Dengan kata lain: coaching modern hasil formulasi Gallwey menitikberatkan eksplorasinya pada pertanyaan dan bukan pernyataan (instruksi). Pada akhirnya kontribusi Gallwey pada dunia coaching ini menjadikan sebutan ‘The Father of Modern Coaching’ disematkan padanya.

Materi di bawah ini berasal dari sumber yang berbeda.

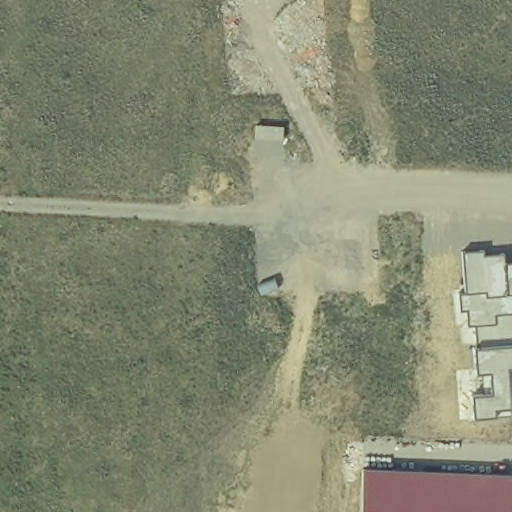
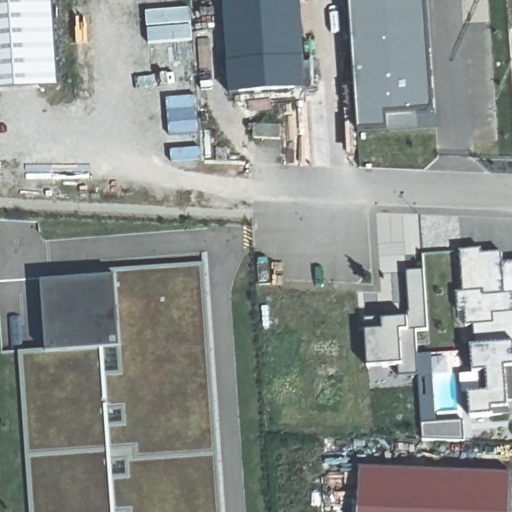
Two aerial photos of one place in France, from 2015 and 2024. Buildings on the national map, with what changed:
new [(53,0),(59,88),(0,92),(0,0),(53,0)]
new [(232,96),(229,64),(225,0),(301,0),(304,59),(307,90),(232,96)]
new [(418,111),(419,128),(359,132),(353,0),(432,0),(438,114),(418,111)]
new [(191,7),(193,40),(148,44),(144,11),(191,7)]
unchanged [(482,255),(503,254),(504,264),(512,264),(512,402),(509,402),(509,407),(511,415),(493,416),(473,417),(472,395),(484,394),(482,372),(476,373),(474,348),(477,348),(476,326),(468,326),(467,309),(460,310),(459,293),(466,292),(463,253),(483,251),(482,255)]
new [(19,351),(47,351),(44,280),(84,278),(83,271),(206,262),(223,512),(30,512),(19,351)]
new [(401,366),(371,368),(369,334),(367,321),(386,321),(408,320),(409,313),(412,313),(408,273),(424,272),(428,330),(416,331),(419,375),(400,376),(401,366)]
new [(464,441),(424,440),(423,425),(464,422),(464,441)]
unchanged [(512,506),(512,512),(360,512),(363,468),(512,474),(512,506)]

Saat ini terdapat beragam organisasi yang mengembangkan coaching dengan ciri khasnya masing-masing, meski pada akhirnya semua bermuara pada esensi yang sama bisa saja pelaksanaannya akan menekankan ciri khas teknik yang berbeda, pada akhirnya bukan soal benar atau salah melainkan soal tujuan dari ditetapkanya ciri khas itu oleh organisasi tersebut yang perlu dipahami.
JENIS-JENIS COACHING
Perkembangan coaching yang Gallwey dapati, praktikkan dan mendapatkan pengakuan di berbagai bidang menyajikan sebuah temuan bahwa coaching ternyata bisa diaplikasikan ke dalam bidang selain olahraga sekali pun, hal ini membuat coaching ‘berevolusi’, ia menjadi sebuah pendekatan dalam membantu seseorang berpindah dari kondisi lama ke kondisi baru.
Artinya: coaching menjadi sebuah metode perubahan dan kerangka kerja yang ditujukan untuk memperbaiki kinerja seseorang dalam peran dan bidang spesifik yang dijalaninya, sehingga ia bisa berpindah dari kondisi lamanya saat ini yang dirasa tidak ideal menuju kondisi baru yang ideal baginya.

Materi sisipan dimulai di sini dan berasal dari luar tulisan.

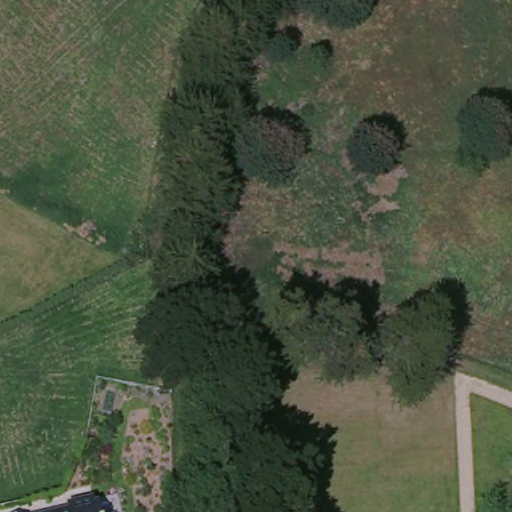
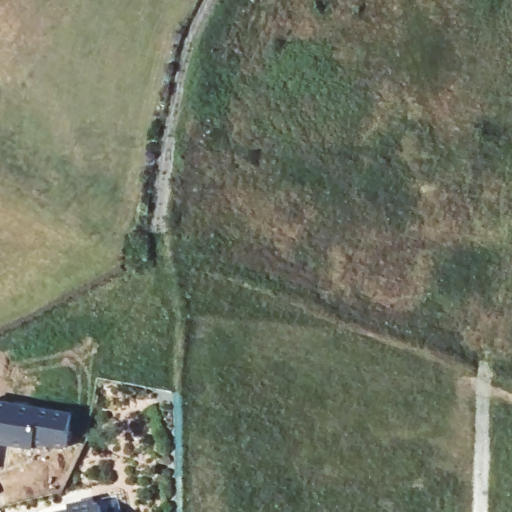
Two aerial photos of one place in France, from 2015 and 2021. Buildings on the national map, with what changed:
new [(70,416),(65,449),(34,444),(33,449),(0,445),(0,405),(70,416)]
unchanged [(67,505),(68,507),(93,500),(94,506),(98,505),(100,512),(41,512),(67,505)]

Namun demikian, meskipun mengakar pada prinsip dan kerangka kerja yang sama, evolusi dari coaching dan penerapannya di berbagai bidang menjadikan lahirnya berbagai ‘varian’ coaching, dimana setiap jenis coaching ini harus mengadaptasi kompleksitas situasi yang sudah ada di dalamnya agar kerangka kerja coaching yang bersifat universal ini bisa diterapkan secara praktis.
Beberapa varian coaching yang saat ini populer dikenal yaitu:
Life Coaching: sering juga disebut personal coaching, jenis coaching ini adalah coaching yang diperuntukkan bagi individu yang ingin memperbaiki dan meningkatkan kualitas hidup pribadinya di aspek yang disepakati, coach yang memfasilitasi jenis coaching ini disebut Life Coach.
Dalam praktik Life Coaching, seorang Life Coach mendampingi kliennya untuk mengidentifikasi area kehidupan yang ingin klien fokuskan untuk perbaiki dan tingkatkan melalui proses coaching bersamanya, area kehidupan ini bisa berupa mental-emosional, keuangan, hubungan, keluarga, spiritual dan lain sebagainya.
Karena ‘payung’ dari Life Coaching ini bersifat general, menaungi area kehidupan individu secara umum, di kemudian hari beberapa coach menciptakan pendalam/spesialisasi dari Life Coaching ini, mereka yang menspesialkan dirinya dalam perbaikan hubungan misalnya, membuat area khusus Relationship Coaching dan menjadikan diri mereka Relationship Coach.
Para coach yang mendalami spesialisasi bidang keluarga bisa saja menempatkan dirinya di bidang Family Coaching dan menjadikan diri mereka Family Coach, begitu juga para coach yang mendalami perbaikan kondisi keuangan, bisa menjadikan diri mereka seorang Financial Coach yang memfasilitasi sesi Financial Coaching.
Dewasa ini beberapa dokter yang mendalami coaching bahkan mengembangkan kemampuannya di bidang Health Coaching, yang menjadikan mereka seorang Health Coach.
Tidak kalah seru, di Amerika bahkan ada beberapa coach yang mendalami bidang ‘pendampingan akhir’ untuk mereka yang diprediksi akan menutup usia dalam waktu dekat (karena sakit kritis, atau kondisi sejenis lainnya), agar mereka bisa menutup usianya dengan damai dan tenang, dimana mereka menyebut dirinya sebagai ‘End of Life Coach’.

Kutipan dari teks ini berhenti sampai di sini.